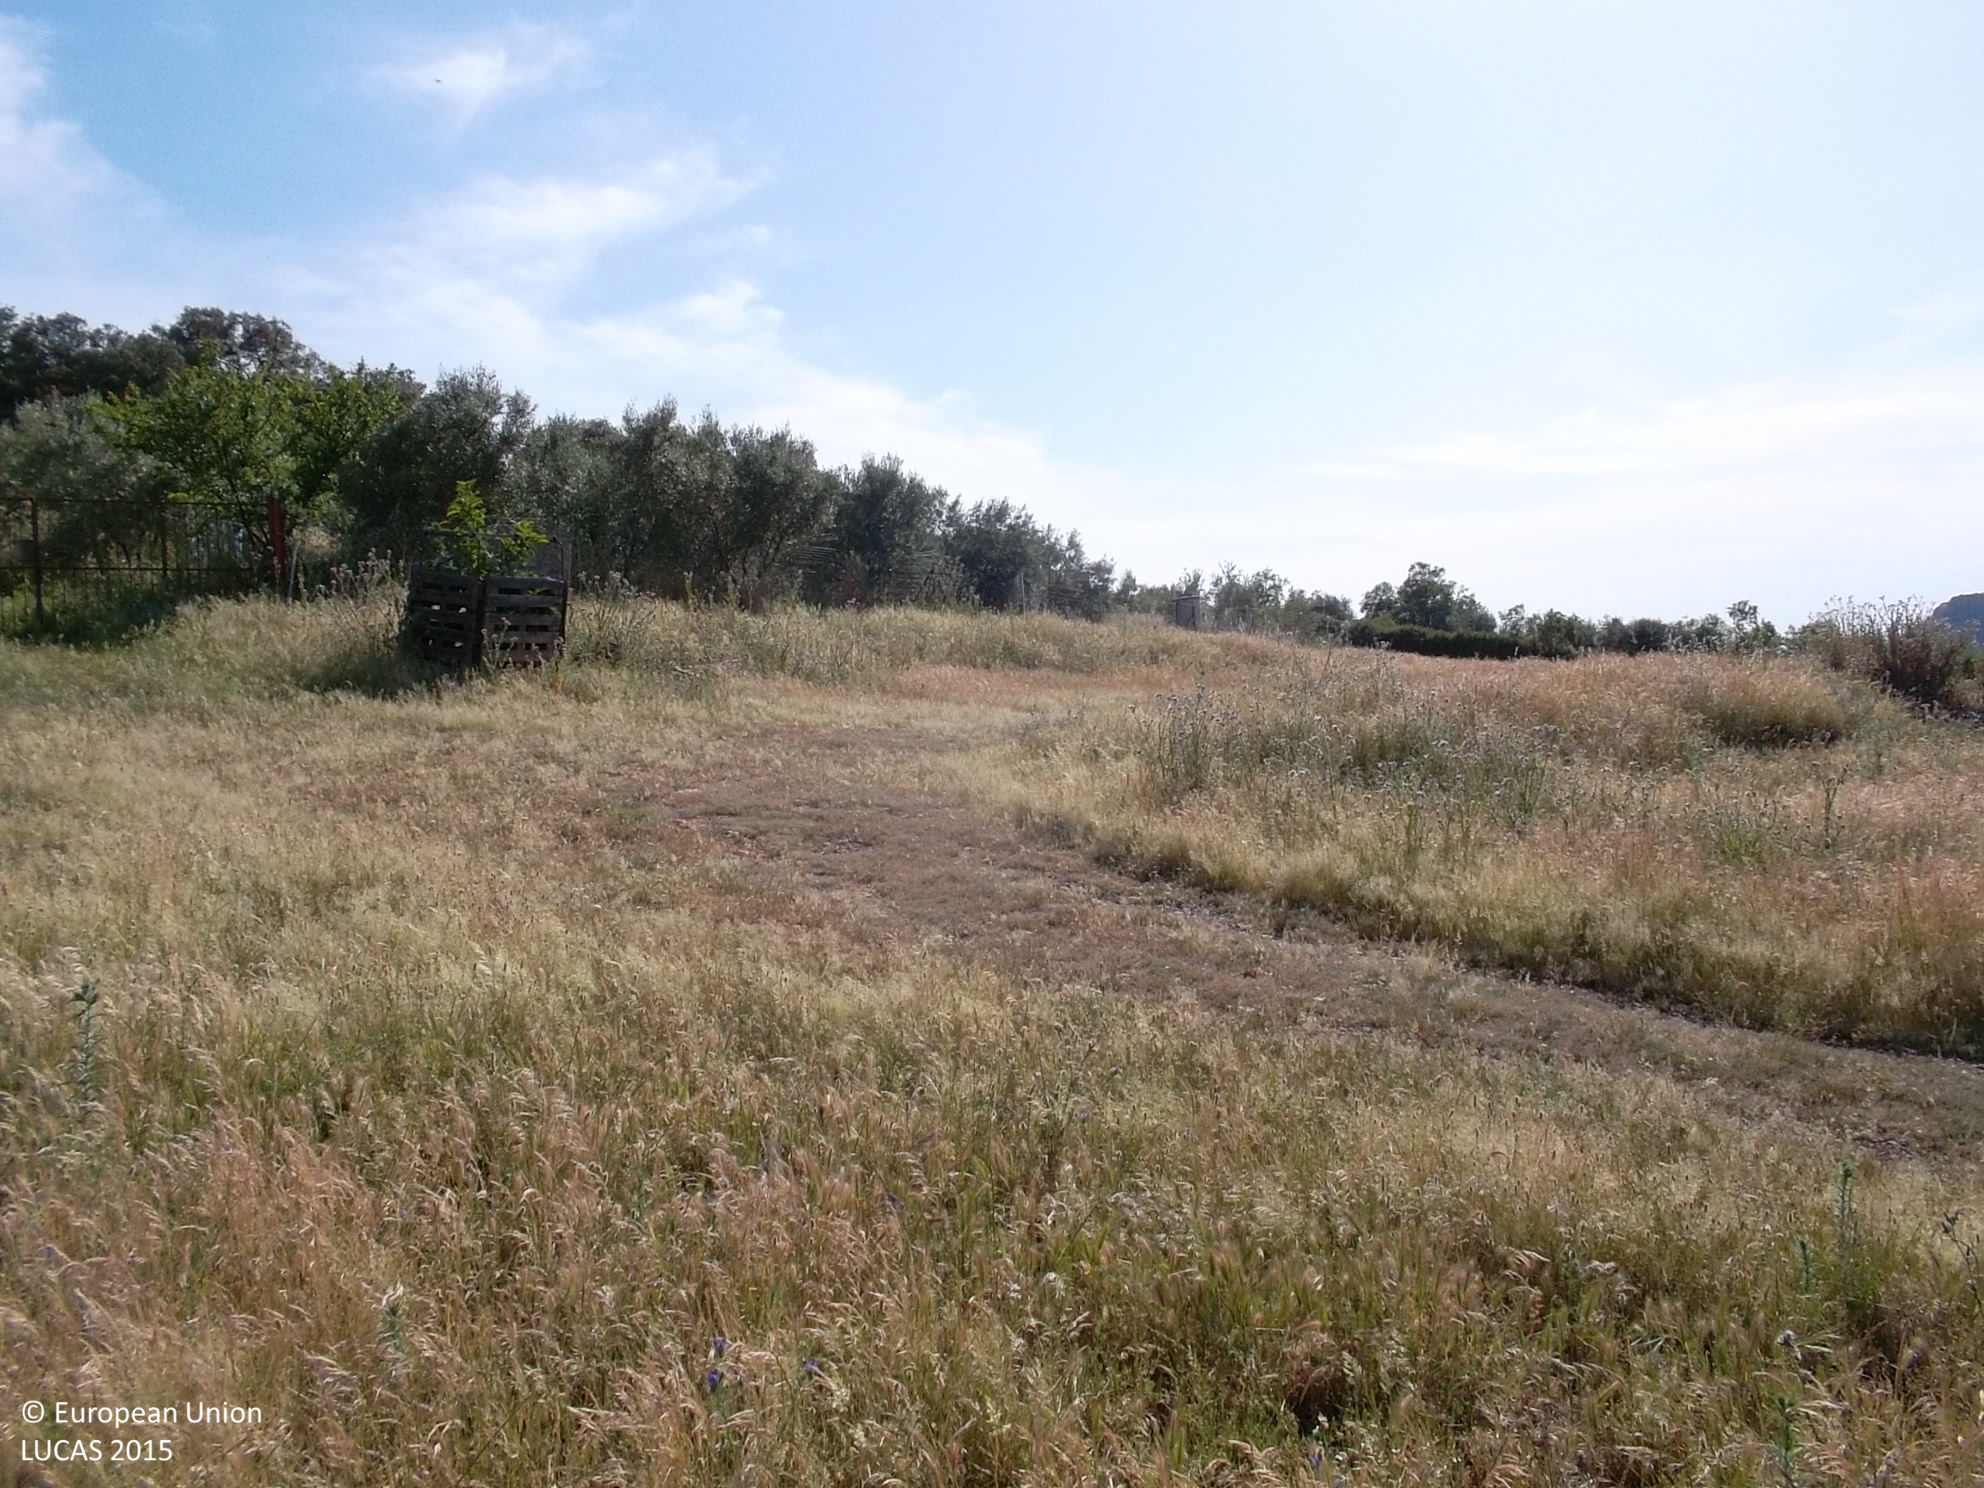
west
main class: Grassland
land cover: Grassland without tree/shrub cover
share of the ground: > 75 %
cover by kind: herbaceous plants 100 %
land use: Agriculture (excluding fallow land and kitchen gardens)
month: May
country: ES
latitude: 38.7677
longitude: -4.8185
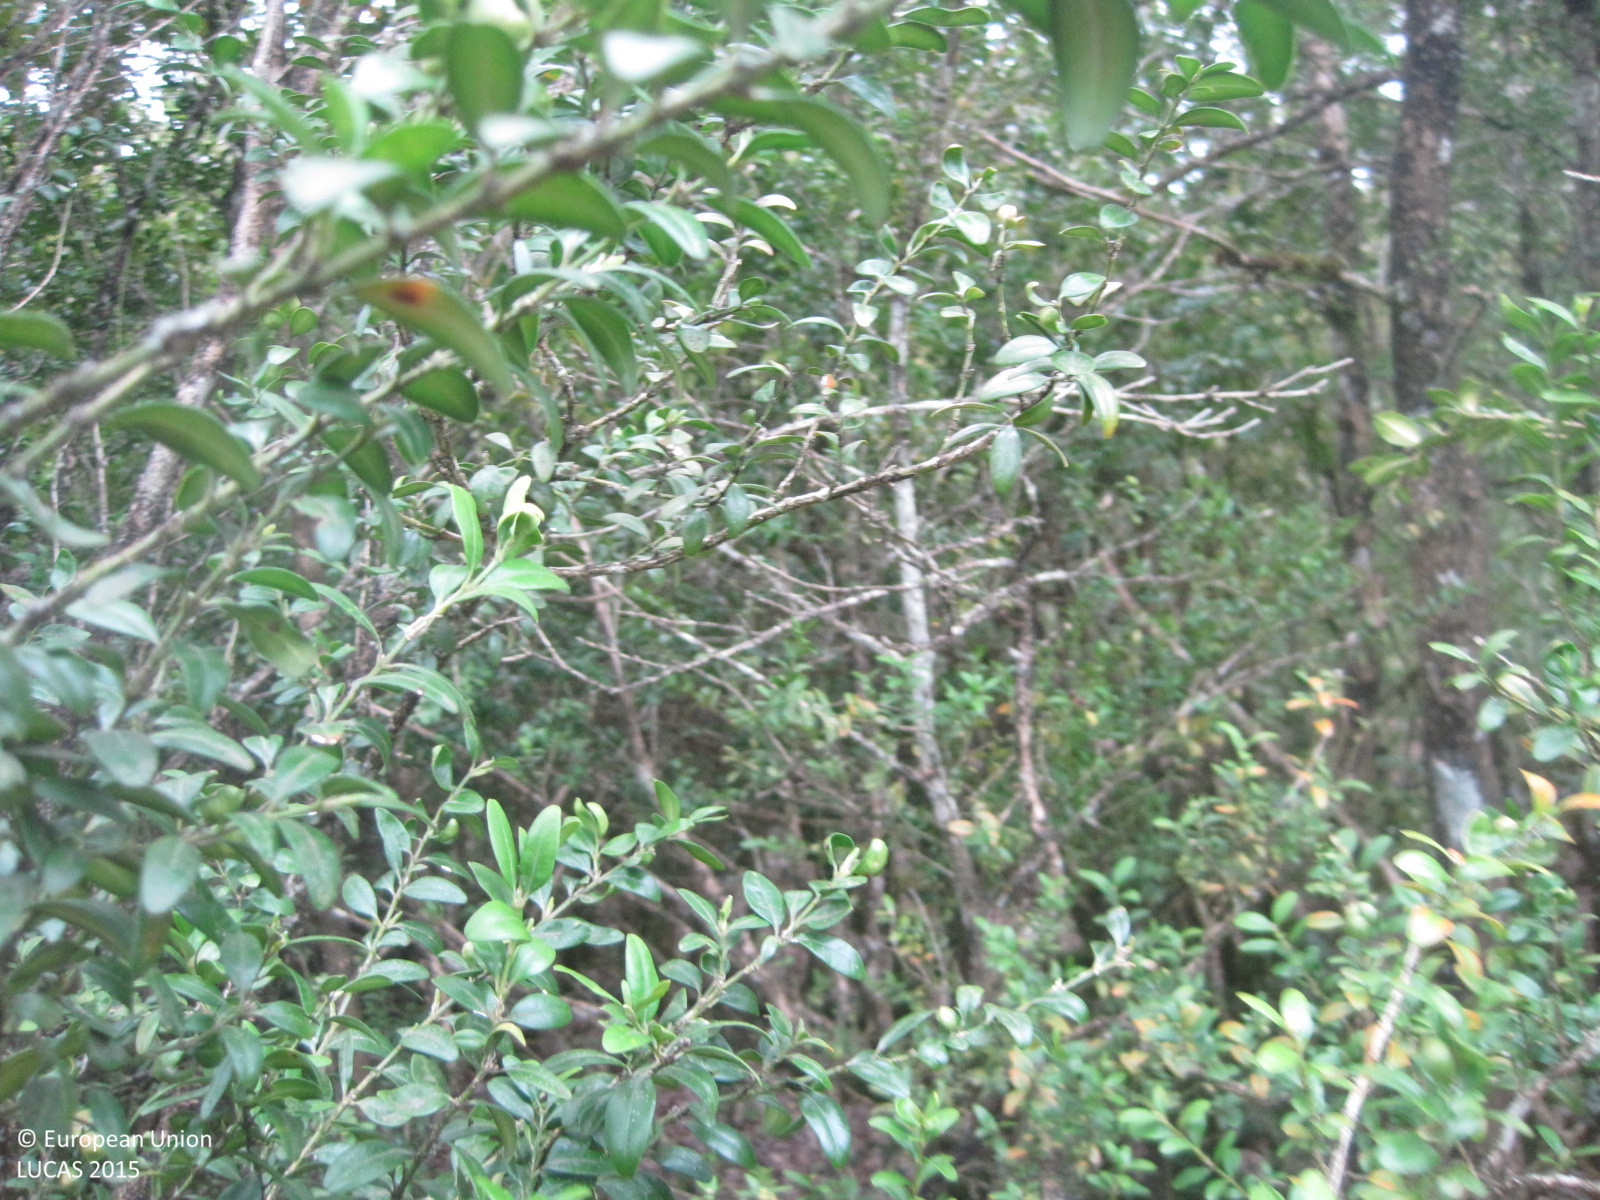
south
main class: Woodland
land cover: Broadleaved woodland
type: broadleaved evergreen forest
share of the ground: > 75 %
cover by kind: shrubs 60 %, broadleaved forest trees 40 %
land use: Semi-natural and natural areas not in use
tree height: > 5 m
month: April
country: ES
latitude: 42.7198
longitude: -2.1699
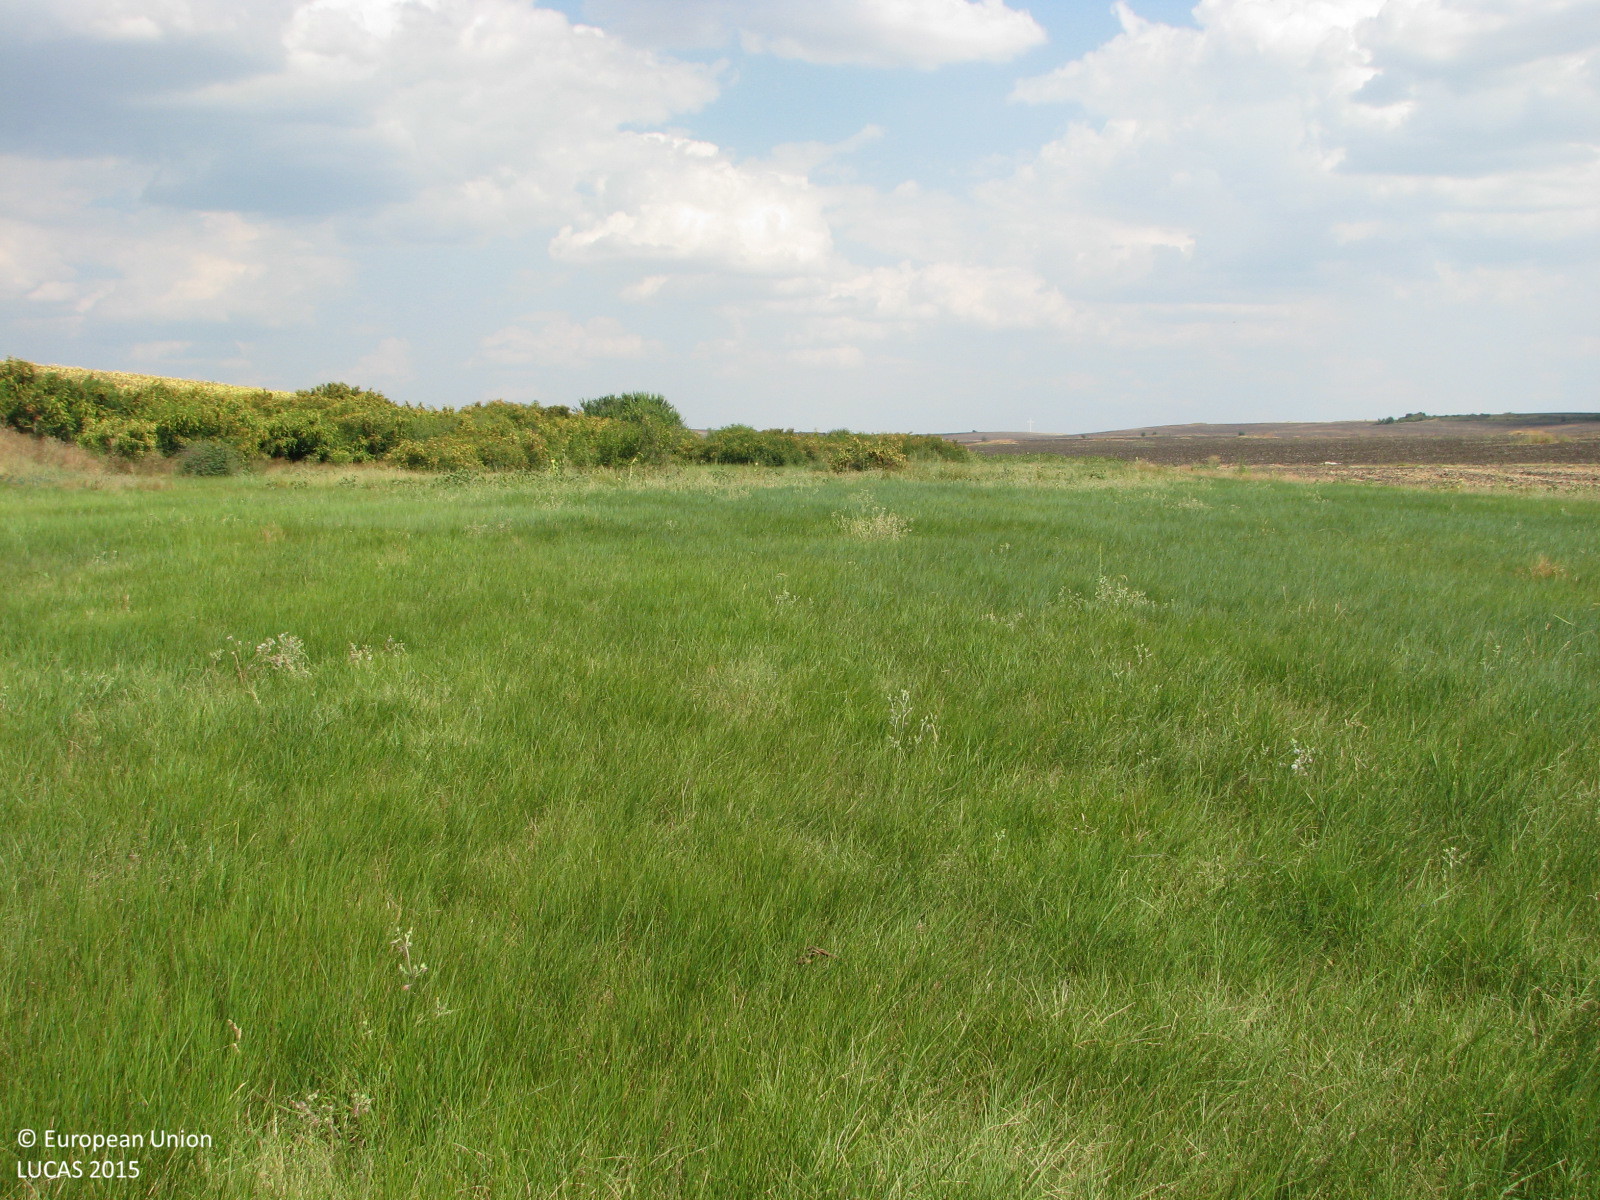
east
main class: Grassland
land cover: Grassland without tree/shrub cover
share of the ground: > 75 %
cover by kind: herbaceous plants 100 %
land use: Agriculture (excluding fallow land and kitchen gardens)
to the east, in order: Grassland without tree/shrub cover; Shrubland with sparse tree cover; Grassland with sparse tree/shrub cover; Broadleaved woodland; Grassland without tree/shrub cover
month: August
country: BG
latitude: 42.1482
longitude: 26.7568
********************
#### [Problem to work on]
Could the material above be written out again word for word, with the pictures dropped?

#### [Finished exercise]
west
main class: Grassland
land cover: Grassland without tree/shrub cover
share of the ground: > 75 %
cover by kind: herbaceous plants 100 %
land use: Agriculture (excluding fallow land and kitchen gardens)
month: May
country: ES
latitude: 38.7677
longitude: -4.8185
south
main class: Woodland
land cover: Broadleaved woodland
type: broadleaved evergreen forest
share of the ground: > 75 %
cover by kind: shrubs 60 %, broadleaved forest trees 40 %
land use: Semi-natural and natural areas not in use
tree height: > 5 m
month: April
country: ES
latitude: 42.7198
longitude: -2.1699
east
main class: Grassland
land cover: Grassland without tree/shrub cover
share of the ground: > 75 %
cover by kind: herbaceous plants 100 %
land use: Agriculture (excluding fallow land and kitchen gardens)
to the east, in order: Grassland without tree/shrub cover; Shrubland with sparse tree cover; Grassland with sparse tree/shrub cover; Broadleaved woodland; Grassland without tree/shrub cover
month: August
country: BG
latitude: 42.1482
longitude: 26.7568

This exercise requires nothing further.